Galperin’s office released a previous report in 2019 that estimated the average cost of building one unit of Prop. HHH housing at $507,000 per unit. Costs have only increased in the next two years with per unit cost averaging $530,000 in 2020 and mushrooming to almost $600,000 per unit in 2021.
“Although Los Angeles has made some progress with Proposition HHH, it hasn’t been enough. The costs are too high and the pace is too slow to address the tragedy on our streets. If the City doesn’t learn from its mistakes, it risks repeating them. Angelenos, sheltered and unsheltered, cannot afford that to happen,” Galperin said in a statement.
The city has 65 supportive housing projects that are under construction with funding from Prop. HHH for a total of 4,300 units. Galperin’s estimates say that the average per unit cost is currently $596,000, with some projects at a low of $309,000 per unit but with some as high as an astounding $765,000 per unit. Of this total of 4,300 units under construction, the Controller’s estimate is that more than 14% of the 4,300 total projects cost more than $700,000 each.
There are an additional 27 Prop. HHH projects that are moving through the design stage that would create an additional 1,880 units of housing. Of those projects in the planning stages average a cost of $580,000 per unit, with the low end of $372,000 per unit and the high end rising to $837,000 per unit.

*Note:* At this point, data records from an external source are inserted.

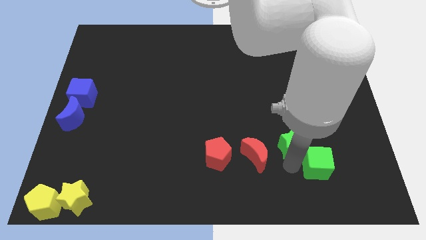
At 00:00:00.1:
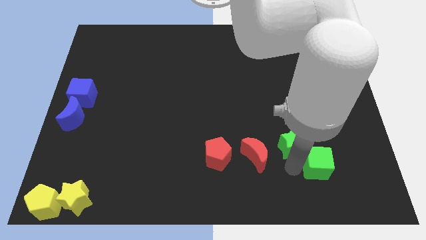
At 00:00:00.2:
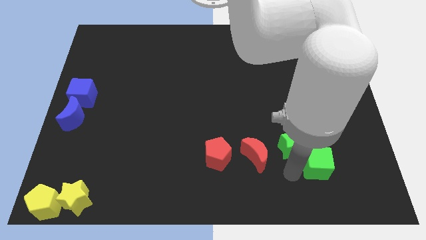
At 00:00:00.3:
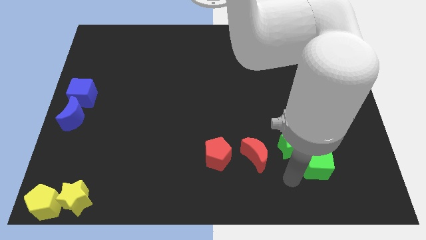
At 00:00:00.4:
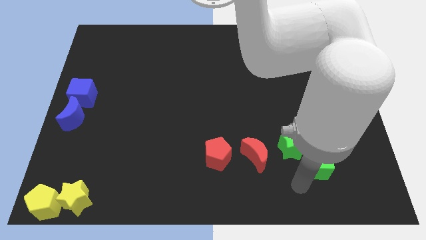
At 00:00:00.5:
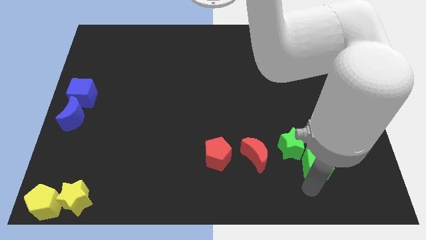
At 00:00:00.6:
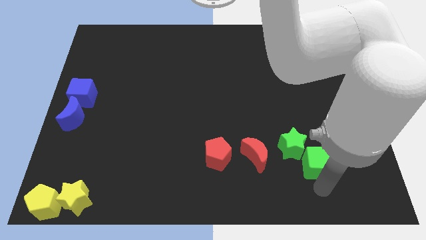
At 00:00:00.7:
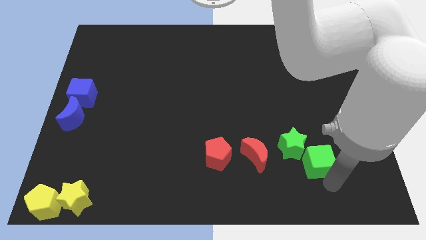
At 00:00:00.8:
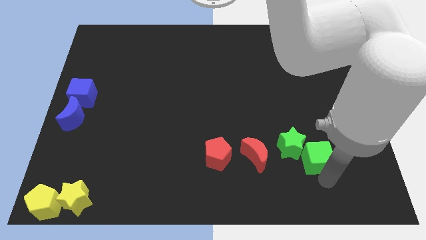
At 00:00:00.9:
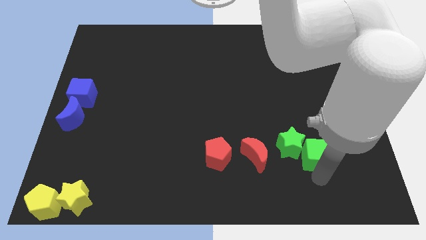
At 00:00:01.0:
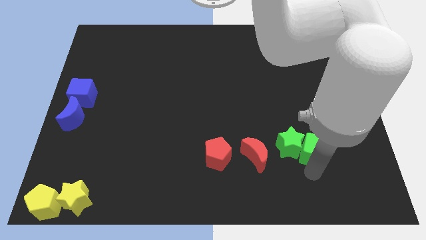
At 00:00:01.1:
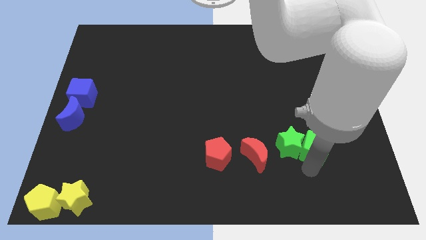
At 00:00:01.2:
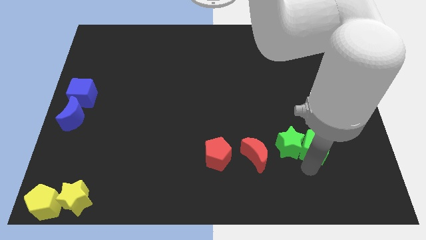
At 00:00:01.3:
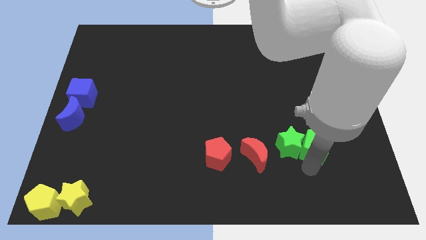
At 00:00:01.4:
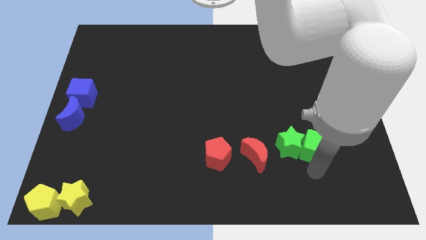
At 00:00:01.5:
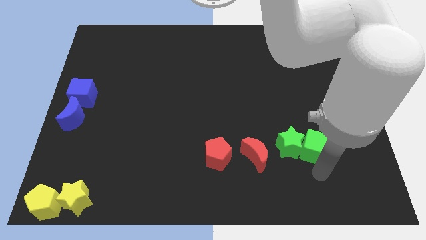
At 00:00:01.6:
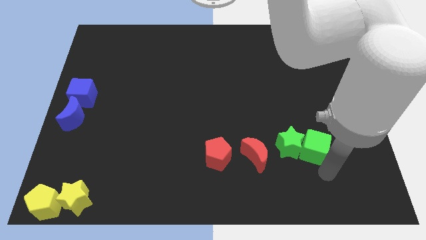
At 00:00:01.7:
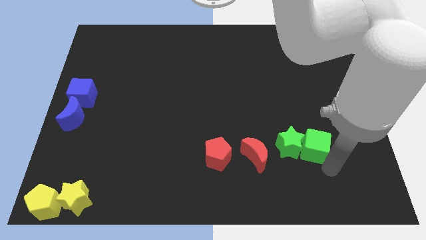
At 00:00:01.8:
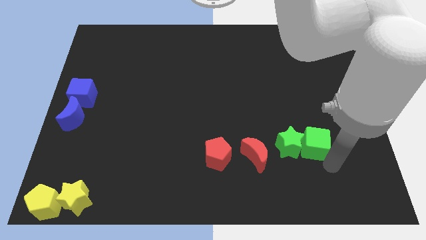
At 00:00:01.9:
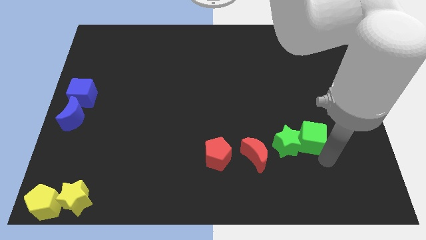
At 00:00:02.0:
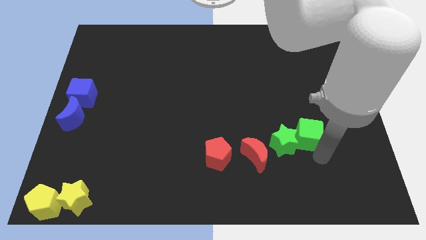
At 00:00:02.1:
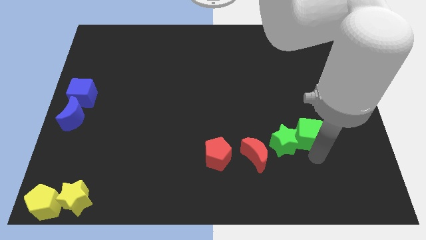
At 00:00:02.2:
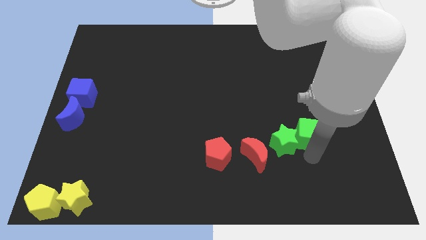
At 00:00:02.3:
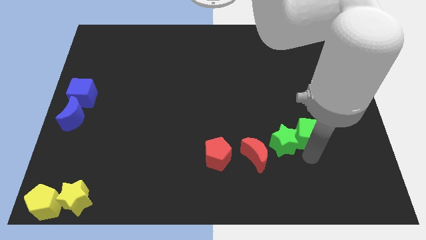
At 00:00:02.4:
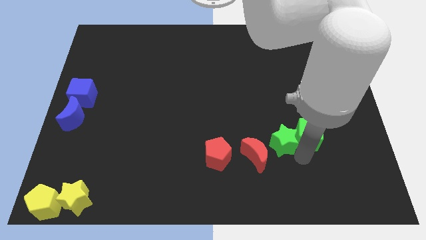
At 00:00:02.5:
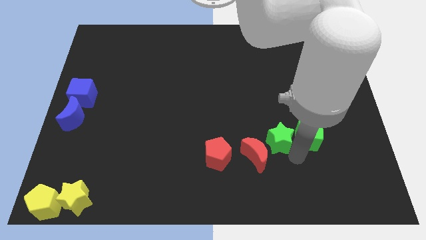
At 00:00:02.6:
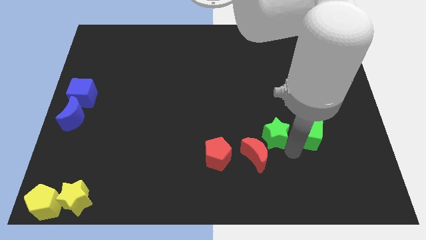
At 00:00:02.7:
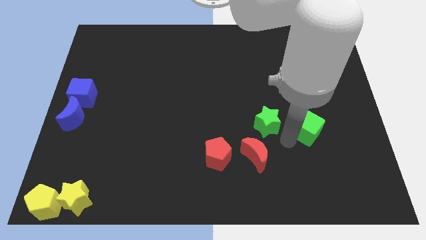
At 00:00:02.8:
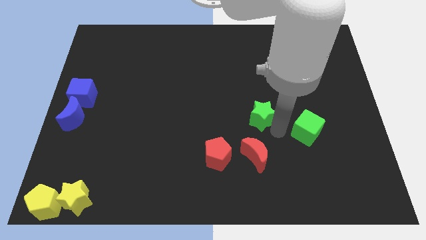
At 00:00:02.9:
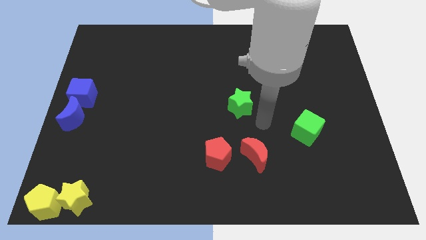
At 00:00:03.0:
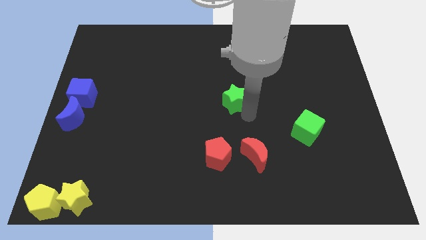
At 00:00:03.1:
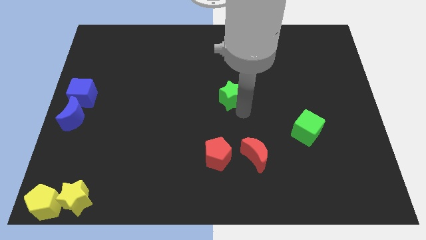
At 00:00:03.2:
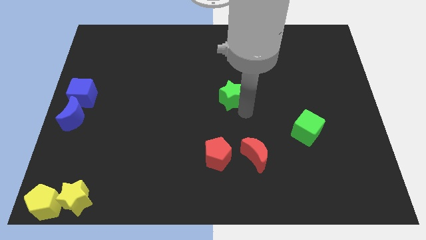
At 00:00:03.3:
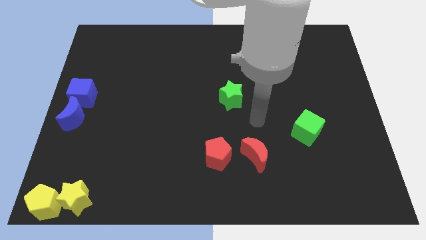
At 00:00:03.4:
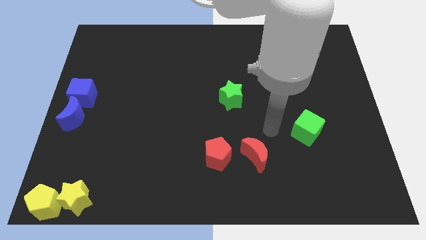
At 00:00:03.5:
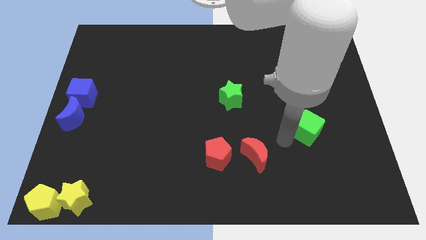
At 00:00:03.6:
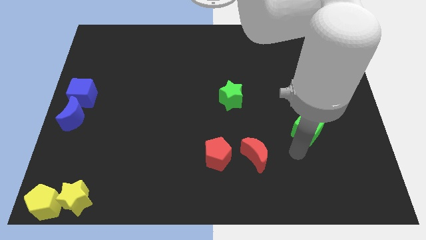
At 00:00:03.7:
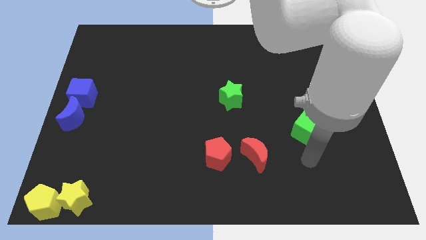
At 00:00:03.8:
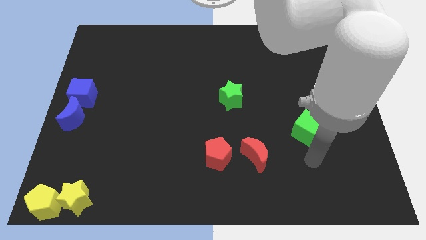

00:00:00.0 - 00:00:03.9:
separate the green star from the green cube

The Prop. HHH program is on track to provide a little over 8,000 units of brand new housing, only 7,000 of which would be supportive housing with a total of 125 projects.
It is Galperin’s recommendation that the City should pass additional measures to help make the process of approvals easier and to consider using funds from Prop. HHH to buy buildings that already exist to convert into permanent supportive housing, much like the Project Homekey program or build interim housing instead. Galperin repeated his recommendation that the City should think twice about projects that have stalled or that cost too much. City officials did not respond positively to Galperin when he first made this recommendation.
It is possible that officials might be able to maneuver Prop. HHH fund away from boondoggle projects but that doesn’t solve the overall problem with the price of construction in Los Angeles.
It’s not just supportive housing that is costly, all types of construction are being affected by rising prices in the Los Angeles area including infrastructure projects and market rate construction.
For example, Metro Los Angeles has a proposal on the table to split the Metro Gold Line extension or Eastline L into smaller stages because of rising prices that makes the line more expensive than the money that has been allocated to build it.
In fact, a report on construction costs in Los Angeles from the UC Riverside School of Business shows that the per unit cost average in Los Angeles for new housing is almost $580,000 for any type of construction project no matter who is building it. It speaks to the larger problem with the real estate market in the Los Angeles area which in turn has and continues to exacerbate the issue of homelessness.